More than the past few weeks there was a single major conflict that I will discuss in this essay. It was
an ongoing and detailed conflict which needed being resolved through a mediation process. It all
started the day how the children’s father decided not to show up for several visitations
requirements. I had felt that the constant disappointment was sufficient for your kids so I text
him a message to say not to bother picking up the children anymore. He did not like this and
started to turn up to my doorstep late at night.
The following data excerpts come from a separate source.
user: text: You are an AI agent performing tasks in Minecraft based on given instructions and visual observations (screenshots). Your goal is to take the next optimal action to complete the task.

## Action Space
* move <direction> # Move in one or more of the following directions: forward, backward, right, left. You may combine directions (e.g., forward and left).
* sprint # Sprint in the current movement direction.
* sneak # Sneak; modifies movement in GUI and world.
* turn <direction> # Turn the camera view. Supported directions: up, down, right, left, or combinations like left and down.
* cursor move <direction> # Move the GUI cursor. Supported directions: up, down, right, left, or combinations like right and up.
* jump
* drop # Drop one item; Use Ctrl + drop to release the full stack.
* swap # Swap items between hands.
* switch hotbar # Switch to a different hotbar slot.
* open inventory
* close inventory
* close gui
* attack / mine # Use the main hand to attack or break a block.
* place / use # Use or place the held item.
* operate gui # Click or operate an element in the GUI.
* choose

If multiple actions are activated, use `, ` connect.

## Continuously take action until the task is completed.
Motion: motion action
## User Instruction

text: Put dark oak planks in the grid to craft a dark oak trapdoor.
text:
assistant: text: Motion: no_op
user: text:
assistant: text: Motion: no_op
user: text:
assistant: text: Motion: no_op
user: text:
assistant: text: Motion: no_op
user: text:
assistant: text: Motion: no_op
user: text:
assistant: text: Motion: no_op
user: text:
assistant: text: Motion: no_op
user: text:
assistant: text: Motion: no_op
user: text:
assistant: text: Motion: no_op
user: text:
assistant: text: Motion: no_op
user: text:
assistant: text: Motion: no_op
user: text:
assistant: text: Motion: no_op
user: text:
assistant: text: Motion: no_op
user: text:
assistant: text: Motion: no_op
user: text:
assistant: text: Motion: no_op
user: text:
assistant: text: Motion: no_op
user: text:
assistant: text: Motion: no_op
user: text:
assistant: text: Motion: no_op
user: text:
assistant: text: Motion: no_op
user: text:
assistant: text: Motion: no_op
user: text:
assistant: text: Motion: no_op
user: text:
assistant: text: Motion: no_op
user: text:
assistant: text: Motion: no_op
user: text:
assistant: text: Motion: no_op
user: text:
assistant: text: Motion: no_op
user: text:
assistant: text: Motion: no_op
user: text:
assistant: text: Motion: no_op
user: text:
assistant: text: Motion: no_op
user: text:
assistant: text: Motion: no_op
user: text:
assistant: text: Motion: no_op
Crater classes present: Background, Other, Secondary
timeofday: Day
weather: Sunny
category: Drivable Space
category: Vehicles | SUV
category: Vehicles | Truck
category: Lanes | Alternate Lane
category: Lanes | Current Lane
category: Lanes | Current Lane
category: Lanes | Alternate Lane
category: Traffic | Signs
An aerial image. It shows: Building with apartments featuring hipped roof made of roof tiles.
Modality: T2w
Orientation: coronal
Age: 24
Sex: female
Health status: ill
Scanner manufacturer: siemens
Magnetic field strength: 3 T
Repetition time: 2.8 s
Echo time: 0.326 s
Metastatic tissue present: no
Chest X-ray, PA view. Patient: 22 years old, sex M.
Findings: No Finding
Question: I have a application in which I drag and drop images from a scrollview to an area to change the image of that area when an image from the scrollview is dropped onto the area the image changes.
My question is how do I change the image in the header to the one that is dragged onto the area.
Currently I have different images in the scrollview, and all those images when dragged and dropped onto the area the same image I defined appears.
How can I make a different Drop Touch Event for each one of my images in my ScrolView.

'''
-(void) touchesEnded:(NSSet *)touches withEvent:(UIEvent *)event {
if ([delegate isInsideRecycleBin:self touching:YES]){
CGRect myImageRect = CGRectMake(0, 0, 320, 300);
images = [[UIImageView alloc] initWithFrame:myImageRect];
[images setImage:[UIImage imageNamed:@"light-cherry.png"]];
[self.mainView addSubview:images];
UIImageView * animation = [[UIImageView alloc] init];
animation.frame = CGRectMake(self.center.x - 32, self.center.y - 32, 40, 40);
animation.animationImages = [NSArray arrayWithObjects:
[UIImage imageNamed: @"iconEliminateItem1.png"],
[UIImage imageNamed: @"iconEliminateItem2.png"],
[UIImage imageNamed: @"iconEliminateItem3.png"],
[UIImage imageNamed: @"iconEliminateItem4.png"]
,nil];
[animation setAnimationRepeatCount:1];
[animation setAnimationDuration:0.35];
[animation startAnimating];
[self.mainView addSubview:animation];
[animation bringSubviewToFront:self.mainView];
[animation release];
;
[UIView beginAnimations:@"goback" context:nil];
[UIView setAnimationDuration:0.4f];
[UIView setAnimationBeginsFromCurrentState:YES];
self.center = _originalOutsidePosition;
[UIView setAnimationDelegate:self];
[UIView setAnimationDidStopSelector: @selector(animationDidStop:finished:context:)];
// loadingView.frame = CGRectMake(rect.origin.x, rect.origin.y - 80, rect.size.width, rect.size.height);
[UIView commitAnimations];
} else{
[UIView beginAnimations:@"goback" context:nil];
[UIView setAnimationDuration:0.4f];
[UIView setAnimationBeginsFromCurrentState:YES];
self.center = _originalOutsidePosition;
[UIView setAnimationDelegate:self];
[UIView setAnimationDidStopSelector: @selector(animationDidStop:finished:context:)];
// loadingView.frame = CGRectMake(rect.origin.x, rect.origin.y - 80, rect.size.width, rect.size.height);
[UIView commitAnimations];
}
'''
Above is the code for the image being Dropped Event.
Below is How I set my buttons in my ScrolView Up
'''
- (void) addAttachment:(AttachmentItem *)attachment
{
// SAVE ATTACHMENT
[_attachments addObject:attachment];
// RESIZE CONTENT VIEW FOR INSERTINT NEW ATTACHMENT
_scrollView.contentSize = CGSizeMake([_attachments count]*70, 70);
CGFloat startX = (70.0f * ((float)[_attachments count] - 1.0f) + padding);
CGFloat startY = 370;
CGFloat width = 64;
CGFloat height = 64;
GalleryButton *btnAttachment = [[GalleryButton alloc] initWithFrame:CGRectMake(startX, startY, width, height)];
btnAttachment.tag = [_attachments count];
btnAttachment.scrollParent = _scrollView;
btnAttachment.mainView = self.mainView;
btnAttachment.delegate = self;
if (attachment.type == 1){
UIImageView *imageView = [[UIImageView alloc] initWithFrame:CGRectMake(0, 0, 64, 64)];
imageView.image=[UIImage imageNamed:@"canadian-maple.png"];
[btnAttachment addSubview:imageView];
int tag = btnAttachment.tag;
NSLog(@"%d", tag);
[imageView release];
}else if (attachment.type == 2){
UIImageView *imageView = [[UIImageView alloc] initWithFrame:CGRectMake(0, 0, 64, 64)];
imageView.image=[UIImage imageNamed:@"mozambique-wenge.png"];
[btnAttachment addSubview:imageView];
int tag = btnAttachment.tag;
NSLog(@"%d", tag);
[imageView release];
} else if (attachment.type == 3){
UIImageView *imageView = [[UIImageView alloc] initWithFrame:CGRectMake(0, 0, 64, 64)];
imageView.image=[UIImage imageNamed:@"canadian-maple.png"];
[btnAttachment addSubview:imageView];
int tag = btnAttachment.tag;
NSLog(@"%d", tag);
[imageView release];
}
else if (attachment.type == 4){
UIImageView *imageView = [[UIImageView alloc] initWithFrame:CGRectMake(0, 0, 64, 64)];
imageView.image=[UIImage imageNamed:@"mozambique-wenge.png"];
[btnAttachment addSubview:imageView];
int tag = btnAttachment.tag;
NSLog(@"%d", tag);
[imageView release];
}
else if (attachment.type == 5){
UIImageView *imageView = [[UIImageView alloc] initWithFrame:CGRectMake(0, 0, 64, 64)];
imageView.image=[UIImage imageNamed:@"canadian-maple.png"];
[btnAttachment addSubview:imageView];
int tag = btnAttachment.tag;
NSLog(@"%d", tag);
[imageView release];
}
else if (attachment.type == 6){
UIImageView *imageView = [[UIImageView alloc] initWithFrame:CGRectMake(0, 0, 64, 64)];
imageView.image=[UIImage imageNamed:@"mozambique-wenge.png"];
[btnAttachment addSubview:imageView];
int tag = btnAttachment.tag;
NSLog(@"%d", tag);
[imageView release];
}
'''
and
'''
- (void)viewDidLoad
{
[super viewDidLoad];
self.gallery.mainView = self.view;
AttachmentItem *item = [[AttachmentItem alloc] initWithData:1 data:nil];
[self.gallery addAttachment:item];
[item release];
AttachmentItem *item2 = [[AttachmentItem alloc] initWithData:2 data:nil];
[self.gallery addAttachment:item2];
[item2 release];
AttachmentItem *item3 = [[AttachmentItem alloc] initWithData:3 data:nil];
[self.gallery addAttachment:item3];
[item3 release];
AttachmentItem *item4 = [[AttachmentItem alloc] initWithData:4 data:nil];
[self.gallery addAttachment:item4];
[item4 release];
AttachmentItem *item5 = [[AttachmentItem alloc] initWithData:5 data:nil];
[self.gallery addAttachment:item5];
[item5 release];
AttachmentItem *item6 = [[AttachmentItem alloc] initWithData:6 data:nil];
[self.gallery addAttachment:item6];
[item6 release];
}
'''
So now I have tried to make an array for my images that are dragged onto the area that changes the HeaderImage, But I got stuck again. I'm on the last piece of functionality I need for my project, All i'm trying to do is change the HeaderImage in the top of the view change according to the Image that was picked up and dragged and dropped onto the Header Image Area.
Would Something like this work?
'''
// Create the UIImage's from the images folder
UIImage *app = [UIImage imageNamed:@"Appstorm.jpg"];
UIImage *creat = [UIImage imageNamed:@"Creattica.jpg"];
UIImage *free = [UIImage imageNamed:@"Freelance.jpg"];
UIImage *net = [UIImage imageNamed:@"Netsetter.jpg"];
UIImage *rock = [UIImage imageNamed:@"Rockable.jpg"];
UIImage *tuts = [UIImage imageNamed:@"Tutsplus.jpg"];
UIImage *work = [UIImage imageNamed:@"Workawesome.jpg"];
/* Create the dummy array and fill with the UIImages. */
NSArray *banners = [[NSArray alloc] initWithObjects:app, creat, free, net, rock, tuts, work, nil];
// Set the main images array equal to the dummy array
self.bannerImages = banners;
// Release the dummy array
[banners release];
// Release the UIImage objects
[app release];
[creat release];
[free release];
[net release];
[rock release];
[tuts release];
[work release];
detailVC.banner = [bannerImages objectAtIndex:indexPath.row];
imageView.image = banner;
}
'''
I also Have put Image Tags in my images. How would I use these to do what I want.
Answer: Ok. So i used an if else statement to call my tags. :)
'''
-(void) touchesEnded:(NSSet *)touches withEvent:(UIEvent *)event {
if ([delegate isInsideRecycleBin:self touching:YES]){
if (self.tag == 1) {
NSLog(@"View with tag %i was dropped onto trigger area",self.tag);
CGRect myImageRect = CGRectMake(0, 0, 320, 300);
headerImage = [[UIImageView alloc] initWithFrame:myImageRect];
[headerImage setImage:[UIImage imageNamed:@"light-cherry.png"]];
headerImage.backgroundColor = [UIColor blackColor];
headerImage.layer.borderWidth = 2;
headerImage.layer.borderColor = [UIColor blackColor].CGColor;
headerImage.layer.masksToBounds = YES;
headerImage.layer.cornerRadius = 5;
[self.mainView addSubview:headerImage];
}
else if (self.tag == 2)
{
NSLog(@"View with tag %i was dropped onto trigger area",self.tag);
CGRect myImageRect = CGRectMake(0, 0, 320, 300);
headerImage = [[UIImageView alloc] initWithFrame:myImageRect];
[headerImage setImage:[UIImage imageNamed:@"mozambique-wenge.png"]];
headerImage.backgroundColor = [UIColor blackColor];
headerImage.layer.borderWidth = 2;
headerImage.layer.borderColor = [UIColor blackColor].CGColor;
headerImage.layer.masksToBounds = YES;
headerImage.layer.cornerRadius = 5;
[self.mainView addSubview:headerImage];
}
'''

He was incredibly angry and was bashing down the
door and yelling. I didn’t open the door I just rang the police as the children was scared by his
reaction. The police had arrived after the children’s father left my house and I filed a police
report to protect myself and the little ones from him coming towards the house late at night and being
abusive for the us. Though the police was I was feeling quite anxious and overwhelmed by the
whole incident. I was talking really effortlessly and very nervous, as I was fidgeting although telling
them the data of what had happened. At this stage I don’t think I handled my emotions at all
well as I was extremely flustered and couldn’t think properly. While the police was right here I did achieve
the skill of active listening as they said what I required to try and do and how to go about generating it
all. I didn’t interrupt as they was speaking as I usually do when men and women speak and I sat there
taking it all in and didn’t respond until the police officer had spoken. Active listening has three
purposes after managing conflict 1. To accomplish information, 2. To affirm and 3. To respond to
inflammation and bring down high emotional states. We benefit from active listening simply because it
ensures us that we are getting all the facts that we need and so that we can be heard. I
also repeated back for the police officer what she had mentioned to me to generate certain I had understood
her correctly....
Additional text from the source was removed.